**EXERCISE AIM**
Exact reproduction required: the lines below from the line with "#717 = DIRECTION" to the line with "#986 = VECTOR ( 'NONE', #647, 39.37008 ) ;", both ends included, and no others.

**DATA EXTRACT**
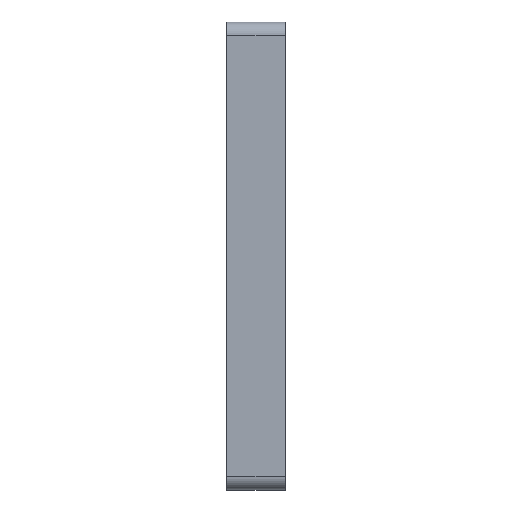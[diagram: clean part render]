
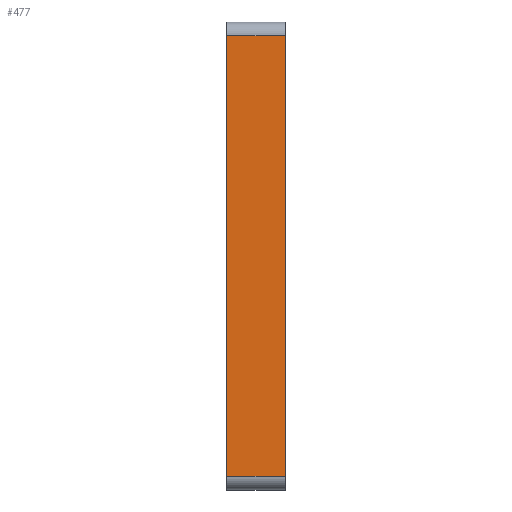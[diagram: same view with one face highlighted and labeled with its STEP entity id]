
A CAD part, left-side view. The second image highlights one B-rep face of the part: STEP entity #477.
In plain terms, the highlighted planar face has unit normal (-1, 0, 0).
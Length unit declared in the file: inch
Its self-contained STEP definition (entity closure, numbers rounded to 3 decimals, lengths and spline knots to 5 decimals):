
#23 = VERTEX_POINT ( 'NONE', #1023 ) ;
#47 = EDGE_LOOP ( 'NONE', ( #993, #295, #921, #905 ) ) ;
#67 = DIRECTION ( 'NONE',  ( 0., 0., 1. ) ) ;
#119 = CARTESIAN_POINT ( 'NONE',  ( -0.375, 0.25, 1. ) ) ;
#138 = VECTOR ( 'NONE', #348, 39.37008 ) ;
#139 = DIRECTION ( 'NONE',  ( 0., -1., 0. ) ) ;
#161 = LINE ( 'NONE', #431, #138 ) ;
#223 = LINE ( 'NONE', #234, #986 ) ;
#224 = VECTOR ( 'NONE', #67, 39.37008 ) ;
#234 = CARTESIAN_POINT ( 'NONE',  ( -0.375, 0.25, 0.94094 ) ) ;
#295 = ORIENTED_EDGE ( 'NONE', *, *, #949, .T. ) ;
#300 = AXIS2_PLACEMENT_3D ( 'NONE', #119, #707, #717 ) ;
#330 = LINE ( 'NONE', #571, #224 ) ;
#348 = DIRECTION ( 'NONE',  ( 0., 0., 1. ) ) ;
#431 = CARTESIAN_POINT ( 'NONE',  ( -0.375, 0., 1. ) ) ;
#477 = ADVANCED_FACE ( 'NONE', ( #963 ), #723, .F. ) ;
#491 = CARTESIAN_POINT ( 'NONE',  ( -0.375, 0., -0.94094 ) ) ;
#571 = CARTESIAN_POINT ( 'NONE',  ( -0.375, 0.25, 1. ) ) ;
#584 = CARTESIAN_POINT ( 'NONE',  ( -0.375, 0.25, -0.94094 ) ) ;
#624 = VERTEX_POINT ( 'NONE', #651 ) ;
#631 = VECTOR ( 'NONE', #139, 39.37008 ) ;
#647 = DIRECTION ( 'NONE',  ( 0., 1., 0. ) ) ;
#651 = CARTESIAN_POINT ( 'NONE',  ( -0.375, 0., 0.94094 ) ) ;
#707 = DIRECTION ( 'NONE',  ( 1., 0., 0. ) ) ;
#717 = DIRECTION ( 'NONE',  ( 0., 0., -1. ) ) ;
#723 = PLANE ( 'NONE',  #300 ) ;
#770 = CARTESIAN_POINT ( 'NONE',  ( -0.375, 0.25, 0.94094 ) ) ;
#773 = VERTEX_POINT ( 'NONE', #770 ) ;
#905 = ORIENTED_EDGE ( 'NONE', *, *, #969, .T. ) ;
#921 = ORIENTED_EDGE ( 'NONE', *, *, #937, .F. ) ;
#937 = EDGE_CURVE ( 'NONE', #23, #773, #330, .T. ) ;
#949 = EDGE_CURVE ( 'NONE', #624, #773, #223, .T. ) ;
#963 = FACE_OUTER_BOUND ( 'NONE', #47, .T. ) ;
#969 = EDGE_CURVE ( 'NONE', #23, #1010, #1076, .T. ) ;
#986 = VECTOR ( 'NONE', #647, 39.37008 ) ;
#993 = ORIENTED_EDGE ( 'NONE', *, *, #1063, .T. ) ;
#1010 = VERTEX_POINT ( 'NONE', #491 ) ;
#1023 = CARTESIAN_POINT ( 'NONE',  ( -0.375, 0.25, -0.94094 ) ) ;
#1063 = EDGE_CURVE ( 'NONE', #1010, #624, #161, .T. ) ;
#1076 = LINE ( 'NONE', #584, #631 ) ;

**TASK RESPONSE**
#717 = DIRECTION ( 'NONE',  ( 0., 0., -1. ) ) ;
#723 = PLANE ( 'NONE',  #300 ) ;
#770 = CARTESIAN_POINT ( 'NONE',  ( -0.375, 0.25, 0.94094 ) ) ;
#773 = VERTEX_POINT ( 'NONE', #770 ) ;
#905 = ORIENTED_EDGE ( 'NONE', *, *, #969, .T. ) ;
#921 = ORIENTED_EDGE ( 'NONE', *, *, #937, .F. ) ;
#937 = EDGE_CURVE ( 'NONE', #23, #773, #330, .T. ) ;
#949 = EDGE_CURVE ( 'NONE', #624, #773, #223, .T. ) ;
#963 = FACE_OUTER_BOUND ( 'NONE', #47, .T. ) ;
#969 = EDGE_CURVE ( 'NONE', #23, #1010, #1076, .T. ) ;
#986 = VECTOR ( 'NONE', #647, 39.37008 ) ;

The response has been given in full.